Hydrogen is still leaking from Mars today, and scientists can measure the rate to calculate how much water is being permanently lost. If this rate held steady for the past 4.5 billion years, it wouldn't be close enough to explain the disappearance of so much surface water, says lead author of the new study Eva Linghan Scheller, a Caltech doctoral student.

Another clue came courtesy of all the orbiters and rovers who have examined the rocks of Mars. During the last two decades, mineral carriers including clay have been discovered. At first, only patches here and there were found. But today, "we have evidence of a large volume of hydrated minerals at the surface," Horgan says.

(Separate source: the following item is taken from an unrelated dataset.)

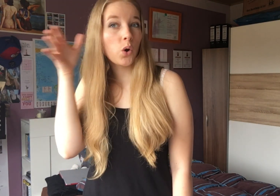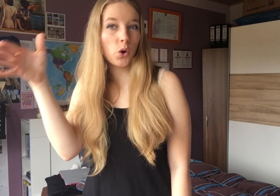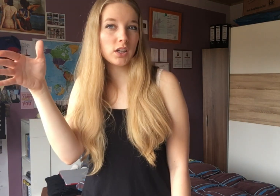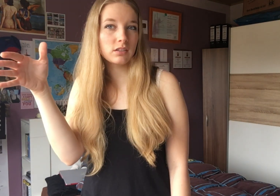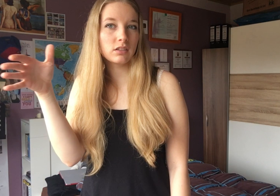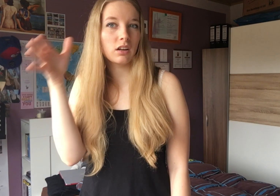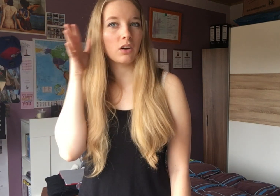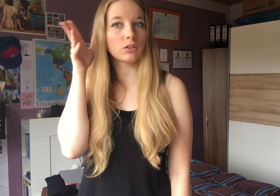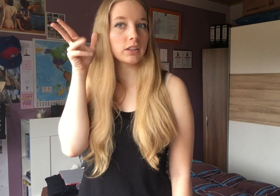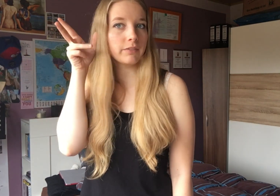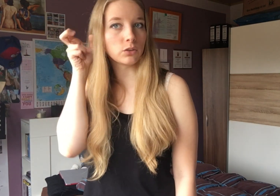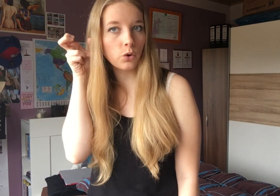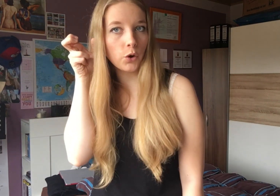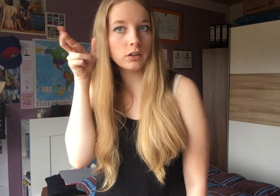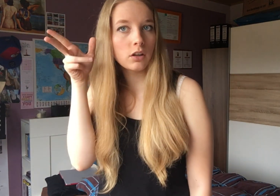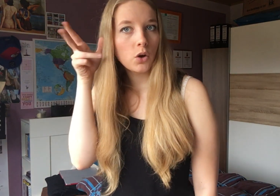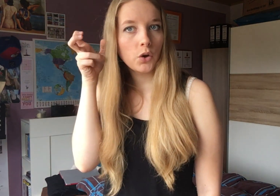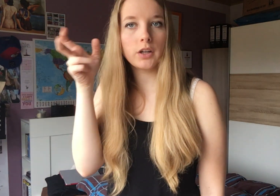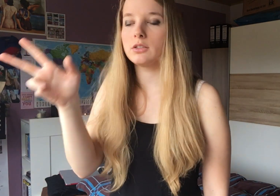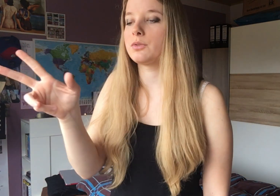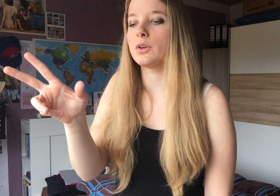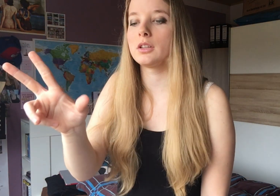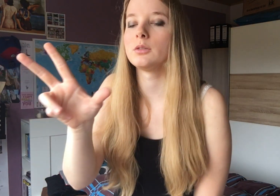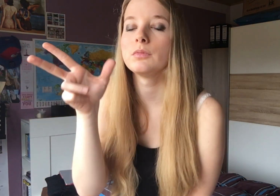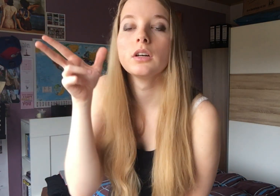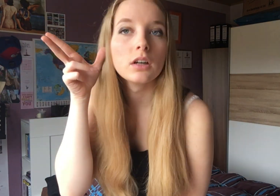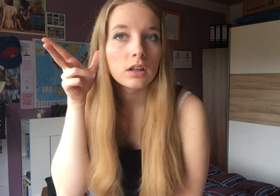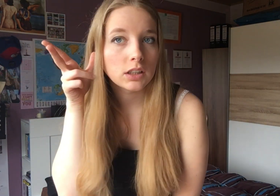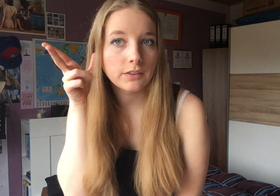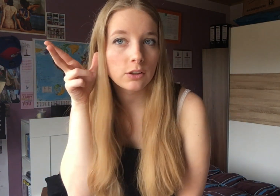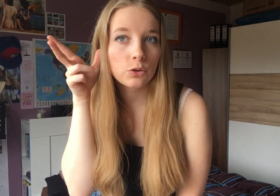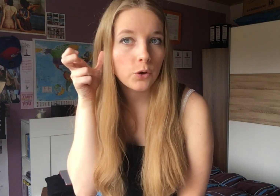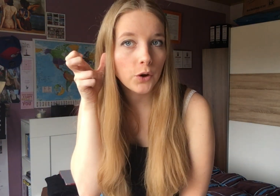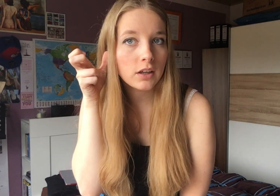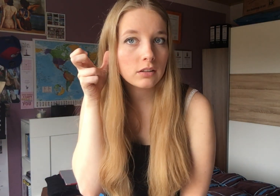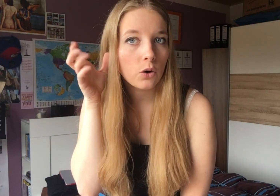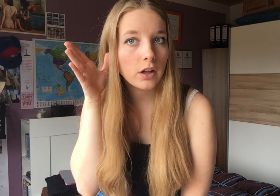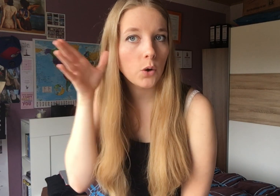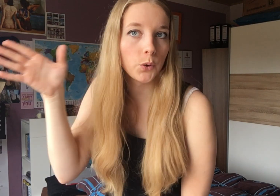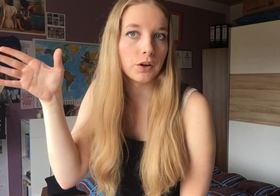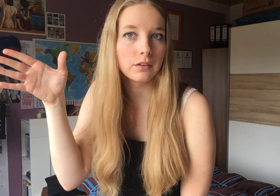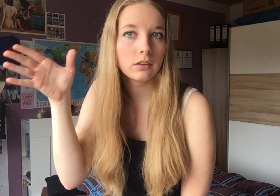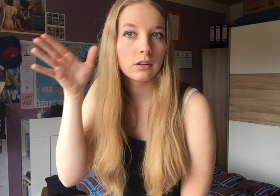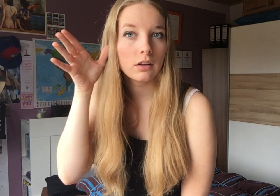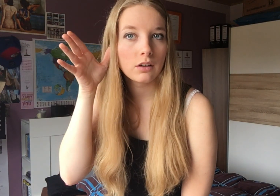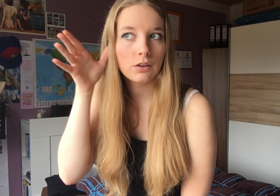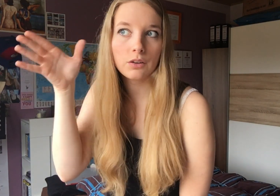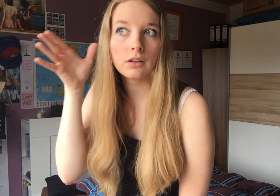Du hörst, also du kannst entweder so hören, hören, also von, ähm, es entweder so hören oder hören. Hören,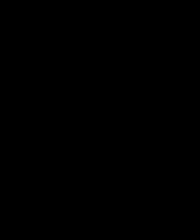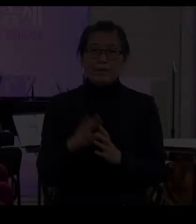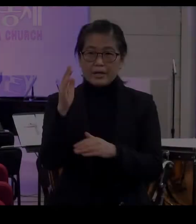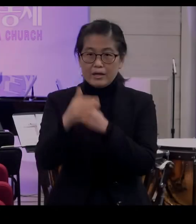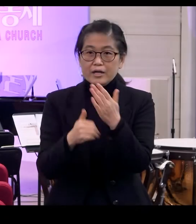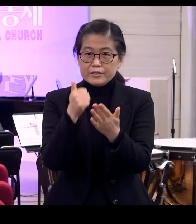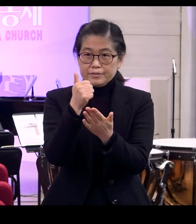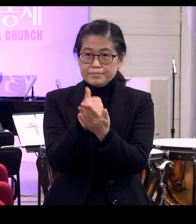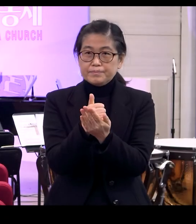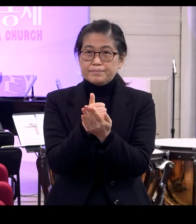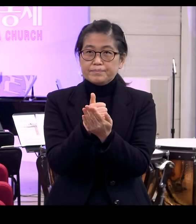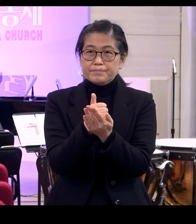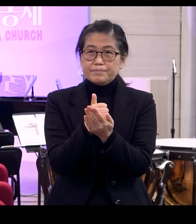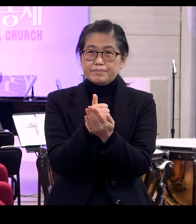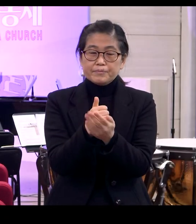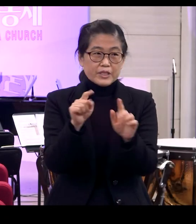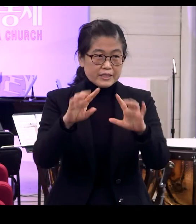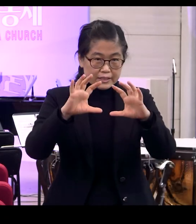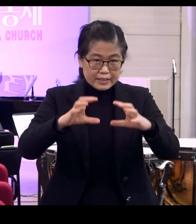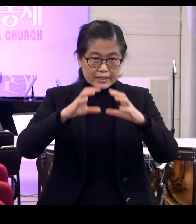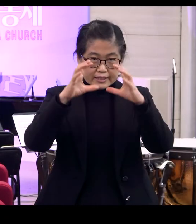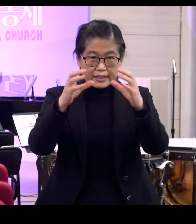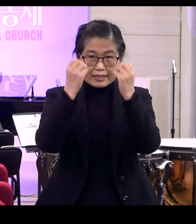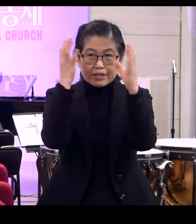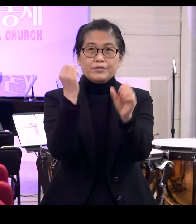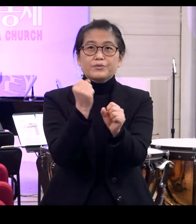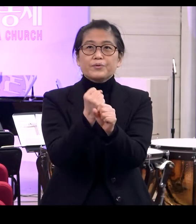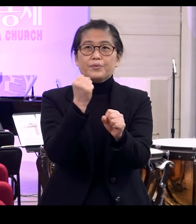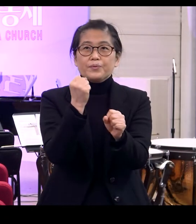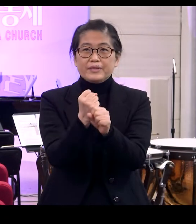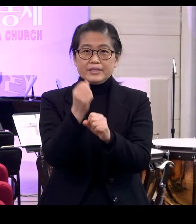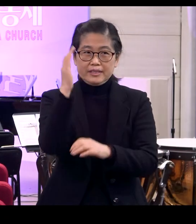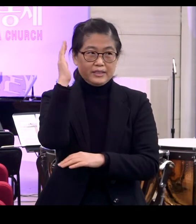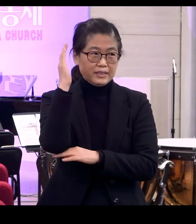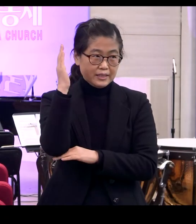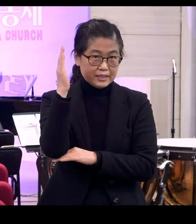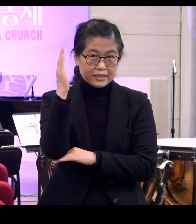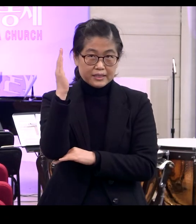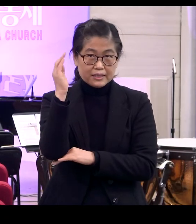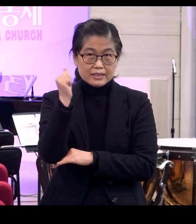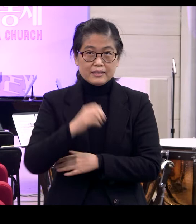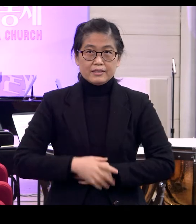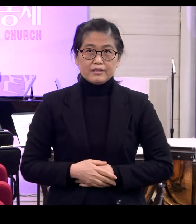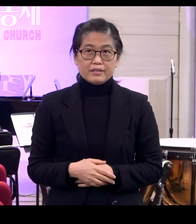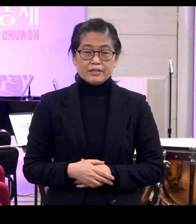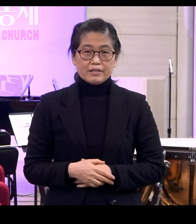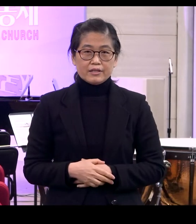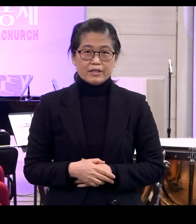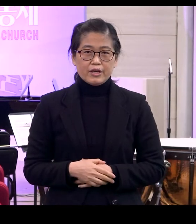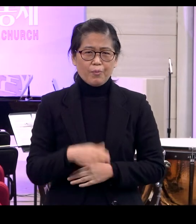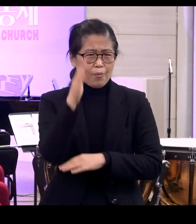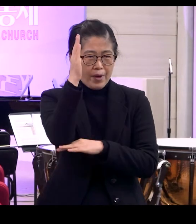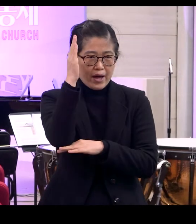하나님께서 이 세상을 창조하신 이야기 이것을 문학적인 기법으로 보면

All of these extremely old hydrated minerals suggest that, long ago, a lot of water flowed through the ancient Martian soil, much more than the atmospheric deuterium signal indicated.

"It's taken us a while to find all of the hydrated mineral exposures that we've found and then fully recognize their importance on a global scale," says Kirsten Siebach, a planetary scientist at Rice University who was not involved in the work.

Two ways to kill a planet

One problem was that previous models didn't properly account for the crust's ability to hold water within minerals, Scheller says. She and her colleagues decided to make a new model to estimate where the water on Mars went during its entire 4.5 billion-year lifetime.

The model makes a few assumptions, such as how much water Mars had at the beginning, how much was later delivered by watery asteroids and icy comets, how much was lost to space over time, and how much volcanic activity deposited more water on the planet's surface . Depending on the values ​​of those variables, the team found that Mars may once have had enough surface water to make a global ocean from 100 to 1,494 meters deep.

Between 4.1 and 3.7 billion years ago, the amount of surface water decreased significantly as it was absorbed by minerals in the crust and as it escaped into space. None of the hydrated minerals found so far are less than three billion years old, Scheller says, implying that Mars has been a barren wasteland for most of its life.

The new model has its limits, with some key details left blurry. But it's an important step that "will surely help a lot of future research into the history of water on Mars," he says. Geronimo Villanueva, a planetary scientist at NASA's Goddard Space Flight Center in Greenbelt, Maryland, who was not involved in the new study.

For one thing, it helps address a discrepancy between the amount of water estimated by deuterium measurements and the myriad of water features that have been left on the surface. It wasn't clear how so many rivers and lakes could emerge from so little water, Siebach says, but this new model offers a solution to that mystery by identifying additional water that might have been present on Mars.

However, the research does not change the amount of water scientists believe is available on Mars today, which is not much. Astronauts may one day bake hydrated minerals on Mars to release their water, Horgan says, but that would be an energy-intensive process.

“What this study does is it says you have more water to play with early in the history of Mars and that's when Mars was most habitable,” says Siebach. Microbes, if they ever existed, may have spread through all that available water, but they would have struggled to survive when most of it disappeared three billion years ago.

The idea that a significant volume of water can disappear into the crust also has implications for other rocky worlds, says Byrne of North Carolina State University.

Water also bonds with minerals on Earth. But on our planet, plate tectonics recycles these minerals, constantly releasing their water through volcanic eruptions, Siebach says. Otherwise, the stagnant crust of Mars may have doomed the planet to become an extremely cold desert. Did the same world-changing process occur on Venus? Does water end up locked in the crust of exoplanets far from our solar system?

Scott King, a planetary scientist at Virginia Tech who was not involved in the work, says the model paves the way for an even richer understanding of how Mars and other rocky worlds evolve through the ages.

"Now," he says, "there are a host of new questions to ask and think about."